** Task **
The response should contain only those lines of the entries below that include the string "ModelViewMatrix".
────────────────
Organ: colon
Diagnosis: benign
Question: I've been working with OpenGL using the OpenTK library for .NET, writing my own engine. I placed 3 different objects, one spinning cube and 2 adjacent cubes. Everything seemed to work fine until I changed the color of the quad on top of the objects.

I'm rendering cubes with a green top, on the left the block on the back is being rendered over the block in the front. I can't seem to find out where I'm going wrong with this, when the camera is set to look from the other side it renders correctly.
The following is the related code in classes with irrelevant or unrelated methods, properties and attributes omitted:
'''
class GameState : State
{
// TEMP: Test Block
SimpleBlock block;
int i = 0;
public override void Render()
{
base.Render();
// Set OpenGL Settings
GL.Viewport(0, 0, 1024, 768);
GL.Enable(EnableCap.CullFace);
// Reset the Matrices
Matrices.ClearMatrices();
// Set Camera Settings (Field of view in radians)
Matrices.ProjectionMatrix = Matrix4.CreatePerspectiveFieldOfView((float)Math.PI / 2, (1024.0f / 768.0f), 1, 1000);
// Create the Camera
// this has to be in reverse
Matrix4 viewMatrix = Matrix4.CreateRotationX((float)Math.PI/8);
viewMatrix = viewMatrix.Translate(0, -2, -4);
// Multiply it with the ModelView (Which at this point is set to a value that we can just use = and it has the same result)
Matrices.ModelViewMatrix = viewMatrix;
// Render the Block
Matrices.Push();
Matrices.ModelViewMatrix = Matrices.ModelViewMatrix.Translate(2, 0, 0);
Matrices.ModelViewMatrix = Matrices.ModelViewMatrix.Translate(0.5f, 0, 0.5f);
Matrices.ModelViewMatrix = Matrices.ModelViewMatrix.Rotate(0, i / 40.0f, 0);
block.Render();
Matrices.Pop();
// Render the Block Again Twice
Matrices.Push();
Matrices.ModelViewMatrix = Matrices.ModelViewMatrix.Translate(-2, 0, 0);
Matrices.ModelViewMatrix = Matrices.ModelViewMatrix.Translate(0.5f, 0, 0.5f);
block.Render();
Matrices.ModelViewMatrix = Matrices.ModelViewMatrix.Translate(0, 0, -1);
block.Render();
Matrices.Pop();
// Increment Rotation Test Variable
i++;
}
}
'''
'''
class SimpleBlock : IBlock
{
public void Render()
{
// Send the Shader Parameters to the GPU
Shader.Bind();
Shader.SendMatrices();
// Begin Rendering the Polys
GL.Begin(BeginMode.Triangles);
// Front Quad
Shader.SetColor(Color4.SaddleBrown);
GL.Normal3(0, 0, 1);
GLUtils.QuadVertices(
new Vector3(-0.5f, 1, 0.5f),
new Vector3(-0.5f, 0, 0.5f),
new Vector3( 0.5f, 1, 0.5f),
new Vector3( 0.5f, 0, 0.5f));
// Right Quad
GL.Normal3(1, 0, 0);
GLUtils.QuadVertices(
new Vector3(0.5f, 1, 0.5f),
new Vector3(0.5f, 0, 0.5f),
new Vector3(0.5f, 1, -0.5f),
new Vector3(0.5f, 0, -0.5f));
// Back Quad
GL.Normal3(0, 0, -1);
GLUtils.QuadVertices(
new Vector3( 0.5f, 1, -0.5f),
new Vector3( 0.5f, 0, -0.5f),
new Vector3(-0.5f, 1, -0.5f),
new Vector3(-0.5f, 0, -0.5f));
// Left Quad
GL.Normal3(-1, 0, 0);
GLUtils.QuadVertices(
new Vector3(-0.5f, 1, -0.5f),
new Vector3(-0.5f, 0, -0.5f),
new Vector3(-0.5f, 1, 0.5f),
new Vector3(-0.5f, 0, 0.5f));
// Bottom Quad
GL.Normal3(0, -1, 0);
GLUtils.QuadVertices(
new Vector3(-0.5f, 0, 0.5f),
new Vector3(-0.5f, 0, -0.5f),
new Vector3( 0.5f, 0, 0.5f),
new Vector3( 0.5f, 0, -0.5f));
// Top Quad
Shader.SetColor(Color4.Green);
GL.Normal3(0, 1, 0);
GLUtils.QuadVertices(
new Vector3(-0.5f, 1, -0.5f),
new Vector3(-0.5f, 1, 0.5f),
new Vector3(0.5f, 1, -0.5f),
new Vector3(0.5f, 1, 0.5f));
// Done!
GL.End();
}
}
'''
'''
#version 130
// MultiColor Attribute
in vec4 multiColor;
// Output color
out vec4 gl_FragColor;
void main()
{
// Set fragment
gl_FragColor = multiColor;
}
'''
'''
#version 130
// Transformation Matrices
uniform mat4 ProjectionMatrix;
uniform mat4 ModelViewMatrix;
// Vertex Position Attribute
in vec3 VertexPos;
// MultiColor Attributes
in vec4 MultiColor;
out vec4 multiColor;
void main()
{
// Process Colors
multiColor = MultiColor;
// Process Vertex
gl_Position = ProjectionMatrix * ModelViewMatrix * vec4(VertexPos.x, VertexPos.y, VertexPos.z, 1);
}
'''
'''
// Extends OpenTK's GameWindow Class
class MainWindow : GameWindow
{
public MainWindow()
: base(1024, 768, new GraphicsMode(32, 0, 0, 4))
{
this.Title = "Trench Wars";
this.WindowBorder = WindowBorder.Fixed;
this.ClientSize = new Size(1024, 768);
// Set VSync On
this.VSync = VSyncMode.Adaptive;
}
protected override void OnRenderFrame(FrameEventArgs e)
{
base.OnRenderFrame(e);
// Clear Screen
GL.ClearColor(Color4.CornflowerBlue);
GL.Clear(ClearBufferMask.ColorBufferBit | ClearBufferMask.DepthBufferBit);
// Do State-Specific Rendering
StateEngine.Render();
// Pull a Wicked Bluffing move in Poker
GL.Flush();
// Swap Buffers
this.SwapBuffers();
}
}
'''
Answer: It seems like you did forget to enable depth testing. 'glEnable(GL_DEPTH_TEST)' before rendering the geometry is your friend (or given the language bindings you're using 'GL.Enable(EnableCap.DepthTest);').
────────────────
** Task response **
Matrices.ModelViewMatrix = viewMatrix;
Matrices.ModelViewMatrix = Matrices.ModelViewMatrix.Translate(2, 0, 0);
Matrices.ModelViewMatrix = Matrices.ModelViewMatrix.Translate(0.5f, 0, 0.5f);
Matrices.ModelViewMatrix = Matrices.ModelViewMatrix.Rotate(0, i / 40.0f, 0);
Matrices.ModelViewMatrix = Matrices.ModelViewMatrix.Translate(-2, 0, 0);
Matrices.ModelViewMatrix = Matrices.ModelViewMatrix.Translate(0.5f, 0, 0.5f);
Matrices.ModelViewMatrix = Matrices.ModelViewMatrix.Translate(0, 0, -1);
uniform mat4 ModelViewMatrix;
gl_Position = ProjectionMatrix * ModelViewMatrix * vec4(VertexPos.x, VertexPos.y, VertexPos.z, 1);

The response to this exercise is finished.